(Source records)

=== Begin Enclosure ===

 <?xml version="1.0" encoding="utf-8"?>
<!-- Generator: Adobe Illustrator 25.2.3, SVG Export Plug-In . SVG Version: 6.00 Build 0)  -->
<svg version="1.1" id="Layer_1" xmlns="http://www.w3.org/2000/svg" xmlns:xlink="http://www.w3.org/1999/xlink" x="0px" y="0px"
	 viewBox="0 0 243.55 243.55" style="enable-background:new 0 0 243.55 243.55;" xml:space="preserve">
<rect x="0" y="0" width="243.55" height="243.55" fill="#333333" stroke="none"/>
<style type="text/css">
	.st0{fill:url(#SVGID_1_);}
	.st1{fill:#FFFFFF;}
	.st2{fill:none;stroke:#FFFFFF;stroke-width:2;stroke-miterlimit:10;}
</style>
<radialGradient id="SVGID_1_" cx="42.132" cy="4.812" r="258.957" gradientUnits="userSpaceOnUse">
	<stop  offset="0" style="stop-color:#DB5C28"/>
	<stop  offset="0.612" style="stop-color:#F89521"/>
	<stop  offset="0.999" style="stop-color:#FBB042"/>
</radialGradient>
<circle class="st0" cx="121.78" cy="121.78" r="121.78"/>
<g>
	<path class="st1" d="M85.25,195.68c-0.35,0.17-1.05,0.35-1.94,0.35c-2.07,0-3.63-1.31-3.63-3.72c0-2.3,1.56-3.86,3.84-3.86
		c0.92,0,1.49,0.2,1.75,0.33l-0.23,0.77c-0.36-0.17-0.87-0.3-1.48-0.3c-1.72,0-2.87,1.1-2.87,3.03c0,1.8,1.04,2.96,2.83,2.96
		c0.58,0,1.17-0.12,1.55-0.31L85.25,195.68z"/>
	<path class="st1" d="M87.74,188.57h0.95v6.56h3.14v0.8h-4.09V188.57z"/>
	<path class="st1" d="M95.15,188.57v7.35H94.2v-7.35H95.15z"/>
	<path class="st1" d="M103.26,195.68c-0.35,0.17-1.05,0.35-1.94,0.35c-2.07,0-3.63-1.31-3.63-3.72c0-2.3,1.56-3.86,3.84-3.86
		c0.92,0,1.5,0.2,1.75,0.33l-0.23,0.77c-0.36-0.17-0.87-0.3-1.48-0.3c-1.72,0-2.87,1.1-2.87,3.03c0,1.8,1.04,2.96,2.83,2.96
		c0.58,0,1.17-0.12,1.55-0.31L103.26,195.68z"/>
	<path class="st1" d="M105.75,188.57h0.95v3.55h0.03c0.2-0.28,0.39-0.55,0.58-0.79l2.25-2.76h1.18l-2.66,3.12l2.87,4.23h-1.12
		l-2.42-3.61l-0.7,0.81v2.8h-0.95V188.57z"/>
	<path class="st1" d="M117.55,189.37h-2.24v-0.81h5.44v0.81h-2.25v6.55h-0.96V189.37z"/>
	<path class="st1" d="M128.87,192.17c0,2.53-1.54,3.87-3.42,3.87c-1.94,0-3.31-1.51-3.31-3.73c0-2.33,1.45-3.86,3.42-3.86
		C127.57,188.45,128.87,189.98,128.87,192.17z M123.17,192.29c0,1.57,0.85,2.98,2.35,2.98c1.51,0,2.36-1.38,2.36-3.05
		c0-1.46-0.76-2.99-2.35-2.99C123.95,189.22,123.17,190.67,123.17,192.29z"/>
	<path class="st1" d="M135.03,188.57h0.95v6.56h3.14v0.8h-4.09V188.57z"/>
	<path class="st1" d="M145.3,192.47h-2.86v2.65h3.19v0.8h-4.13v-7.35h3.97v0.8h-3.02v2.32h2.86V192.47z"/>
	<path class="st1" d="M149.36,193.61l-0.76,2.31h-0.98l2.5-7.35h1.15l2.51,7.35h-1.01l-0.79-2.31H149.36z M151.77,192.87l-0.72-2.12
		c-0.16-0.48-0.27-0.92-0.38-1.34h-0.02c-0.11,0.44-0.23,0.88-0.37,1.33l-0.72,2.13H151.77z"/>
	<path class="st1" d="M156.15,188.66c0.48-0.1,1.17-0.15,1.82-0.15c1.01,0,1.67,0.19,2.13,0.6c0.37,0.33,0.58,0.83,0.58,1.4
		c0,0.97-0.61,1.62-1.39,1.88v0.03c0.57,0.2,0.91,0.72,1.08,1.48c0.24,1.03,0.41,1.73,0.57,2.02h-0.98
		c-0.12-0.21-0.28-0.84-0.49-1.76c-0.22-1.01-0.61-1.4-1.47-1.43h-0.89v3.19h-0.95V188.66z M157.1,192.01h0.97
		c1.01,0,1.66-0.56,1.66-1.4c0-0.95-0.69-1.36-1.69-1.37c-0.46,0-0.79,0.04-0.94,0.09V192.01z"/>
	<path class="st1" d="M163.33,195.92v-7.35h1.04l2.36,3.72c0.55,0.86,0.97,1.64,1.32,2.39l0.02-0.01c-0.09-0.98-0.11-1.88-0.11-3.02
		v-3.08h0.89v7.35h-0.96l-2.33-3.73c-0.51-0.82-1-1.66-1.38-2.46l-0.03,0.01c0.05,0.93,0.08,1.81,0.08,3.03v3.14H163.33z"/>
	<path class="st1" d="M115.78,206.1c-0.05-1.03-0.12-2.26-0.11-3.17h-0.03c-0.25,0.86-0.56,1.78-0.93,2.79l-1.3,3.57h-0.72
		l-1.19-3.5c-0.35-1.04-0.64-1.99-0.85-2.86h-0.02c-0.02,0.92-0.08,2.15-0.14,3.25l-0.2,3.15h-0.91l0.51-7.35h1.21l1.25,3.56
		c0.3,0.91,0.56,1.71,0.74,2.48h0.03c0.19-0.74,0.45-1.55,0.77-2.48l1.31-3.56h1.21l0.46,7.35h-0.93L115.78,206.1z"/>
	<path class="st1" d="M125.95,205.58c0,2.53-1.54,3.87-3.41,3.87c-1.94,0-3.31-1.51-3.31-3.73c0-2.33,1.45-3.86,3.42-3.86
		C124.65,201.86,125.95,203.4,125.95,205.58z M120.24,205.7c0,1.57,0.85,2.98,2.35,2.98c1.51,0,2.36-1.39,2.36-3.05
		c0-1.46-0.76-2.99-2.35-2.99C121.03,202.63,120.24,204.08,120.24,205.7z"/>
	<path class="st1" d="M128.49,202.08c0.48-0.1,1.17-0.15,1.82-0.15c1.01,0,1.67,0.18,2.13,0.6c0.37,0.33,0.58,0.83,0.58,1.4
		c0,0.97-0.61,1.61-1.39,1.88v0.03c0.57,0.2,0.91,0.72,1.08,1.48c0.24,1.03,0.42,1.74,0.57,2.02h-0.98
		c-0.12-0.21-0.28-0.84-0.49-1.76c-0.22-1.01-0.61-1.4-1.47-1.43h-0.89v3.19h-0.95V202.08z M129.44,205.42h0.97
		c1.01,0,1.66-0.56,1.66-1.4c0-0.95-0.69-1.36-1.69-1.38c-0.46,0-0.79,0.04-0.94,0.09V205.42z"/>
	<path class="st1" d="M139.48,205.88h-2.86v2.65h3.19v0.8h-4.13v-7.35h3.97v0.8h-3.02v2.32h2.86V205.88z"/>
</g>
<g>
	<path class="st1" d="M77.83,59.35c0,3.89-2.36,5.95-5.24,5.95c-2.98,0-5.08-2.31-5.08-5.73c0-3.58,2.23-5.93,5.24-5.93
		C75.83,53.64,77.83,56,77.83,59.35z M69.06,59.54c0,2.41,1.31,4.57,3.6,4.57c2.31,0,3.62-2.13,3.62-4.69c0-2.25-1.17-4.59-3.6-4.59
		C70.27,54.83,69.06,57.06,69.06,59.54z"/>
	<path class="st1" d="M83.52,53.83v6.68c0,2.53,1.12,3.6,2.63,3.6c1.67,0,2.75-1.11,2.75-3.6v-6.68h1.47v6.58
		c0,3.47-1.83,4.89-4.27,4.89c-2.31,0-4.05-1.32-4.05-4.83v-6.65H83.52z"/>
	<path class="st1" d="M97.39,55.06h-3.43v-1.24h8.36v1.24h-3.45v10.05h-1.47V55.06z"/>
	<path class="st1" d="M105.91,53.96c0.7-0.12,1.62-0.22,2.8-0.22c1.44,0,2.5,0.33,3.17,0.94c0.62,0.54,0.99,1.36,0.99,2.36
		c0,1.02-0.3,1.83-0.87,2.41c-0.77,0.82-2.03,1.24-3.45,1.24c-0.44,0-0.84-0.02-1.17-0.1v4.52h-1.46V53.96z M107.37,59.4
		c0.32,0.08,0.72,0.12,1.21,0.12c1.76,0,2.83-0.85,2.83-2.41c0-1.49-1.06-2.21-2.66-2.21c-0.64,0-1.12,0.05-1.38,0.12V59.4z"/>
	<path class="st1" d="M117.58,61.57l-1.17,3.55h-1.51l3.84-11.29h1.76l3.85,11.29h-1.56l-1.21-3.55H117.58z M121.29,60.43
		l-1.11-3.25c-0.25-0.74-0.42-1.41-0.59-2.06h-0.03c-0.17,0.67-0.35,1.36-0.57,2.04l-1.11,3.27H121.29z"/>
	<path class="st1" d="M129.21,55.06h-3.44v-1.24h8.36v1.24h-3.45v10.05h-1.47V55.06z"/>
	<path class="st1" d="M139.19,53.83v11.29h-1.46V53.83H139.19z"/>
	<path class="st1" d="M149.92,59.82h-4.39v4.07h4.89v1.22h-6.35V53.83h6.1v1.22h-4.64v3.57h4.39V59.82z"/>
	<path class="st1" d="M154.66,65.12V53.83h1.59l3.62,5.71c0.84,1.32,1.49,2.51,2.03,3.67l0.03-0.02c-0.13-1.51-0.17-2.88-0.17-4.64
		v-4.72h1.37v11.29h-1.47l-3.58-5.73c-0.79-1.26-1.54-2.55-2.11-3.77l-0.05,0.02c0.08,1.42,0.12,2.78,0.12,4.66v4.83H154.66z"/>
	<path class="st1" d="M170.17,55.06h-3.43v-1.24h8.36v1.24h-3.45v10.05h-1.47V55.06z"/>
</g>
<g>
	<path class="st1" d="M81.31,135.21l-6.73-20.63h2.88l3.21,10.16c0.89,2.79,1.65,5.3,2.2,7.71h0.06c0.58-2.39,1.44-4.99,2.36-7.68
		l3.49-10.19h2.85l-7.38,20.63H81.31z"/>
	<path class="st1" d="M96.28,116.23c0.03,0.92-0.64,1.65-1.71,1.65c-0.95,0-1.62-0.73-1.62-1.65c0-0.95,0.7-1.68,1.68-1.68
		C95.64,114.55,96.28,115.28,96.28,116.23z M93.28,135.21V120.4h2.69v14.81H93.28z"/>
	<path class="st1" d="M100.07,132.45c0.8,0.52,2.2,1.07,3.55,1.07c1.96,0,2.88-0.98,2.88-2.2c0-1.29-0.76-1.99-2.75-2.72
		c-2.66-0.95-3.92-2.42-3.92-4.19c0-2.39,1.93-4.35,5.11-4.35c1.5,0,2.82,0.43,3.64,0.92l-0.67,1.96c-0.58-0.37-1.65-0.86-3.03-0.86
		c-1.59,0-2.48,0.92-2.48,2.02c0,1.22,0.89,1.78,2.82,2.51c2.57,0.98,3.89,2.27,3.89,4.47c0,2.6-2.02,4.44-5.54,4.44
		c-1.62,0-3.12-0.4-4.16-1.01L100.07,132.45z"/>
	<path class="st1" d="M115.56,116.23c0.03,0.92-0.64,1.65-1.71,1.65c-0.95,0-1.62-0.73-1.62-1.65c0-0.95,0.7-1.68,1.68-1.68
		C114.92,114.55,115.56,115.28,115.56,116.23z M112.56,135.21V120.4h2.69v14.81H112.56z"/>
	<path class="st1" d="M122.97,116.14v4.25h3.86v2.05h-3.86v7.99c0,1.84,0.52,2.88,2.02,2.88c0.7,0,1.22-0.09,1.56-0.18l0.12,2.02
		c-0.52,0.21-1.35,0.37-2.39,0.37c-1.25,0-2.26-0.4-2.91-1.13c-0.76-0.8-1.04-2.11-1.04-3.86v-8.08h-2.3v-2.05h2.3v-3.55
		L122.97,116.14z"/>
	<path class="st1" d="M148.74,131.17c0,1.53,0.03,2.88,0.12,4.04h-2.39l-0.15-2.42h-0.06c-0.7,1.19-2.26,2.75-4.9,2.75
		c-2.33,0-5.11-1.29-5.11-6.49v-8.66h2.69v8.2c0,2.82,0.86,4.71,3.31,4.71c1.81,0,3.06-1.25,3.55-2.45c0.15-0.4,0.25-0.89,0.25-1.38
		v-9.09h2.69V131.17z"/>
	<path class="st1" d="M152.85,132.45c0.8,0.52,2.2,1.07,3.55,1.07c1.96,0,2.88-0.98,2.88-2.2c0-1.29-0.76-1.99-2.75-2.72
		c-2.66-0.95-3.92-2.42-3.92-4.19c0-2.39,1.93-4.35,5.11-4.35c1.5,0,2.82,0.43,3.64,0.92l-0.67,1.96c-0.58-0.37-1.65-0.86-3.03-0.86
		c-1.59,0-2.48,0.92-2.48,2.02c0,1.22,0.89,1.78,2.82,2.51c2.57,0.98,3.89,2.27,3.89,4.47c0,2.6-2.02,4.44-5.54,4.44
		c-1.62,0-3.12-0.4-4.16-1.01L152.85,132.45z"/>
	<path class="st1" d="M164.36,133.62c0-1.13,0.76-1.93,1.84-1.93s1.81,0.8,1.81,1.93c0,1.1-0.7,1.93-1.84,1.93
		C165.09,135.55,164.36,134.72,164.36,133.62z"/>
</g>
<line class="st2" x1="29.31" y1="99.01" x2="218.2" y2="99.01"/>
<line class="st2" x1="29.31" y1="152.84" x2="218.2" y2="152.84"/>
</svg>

=== End Enclosure ===

Scan the entries above and work out how many lines include the word "FFFFFF"; the reply is that number alone.

→ **PROBLEM SOLUTION**: 2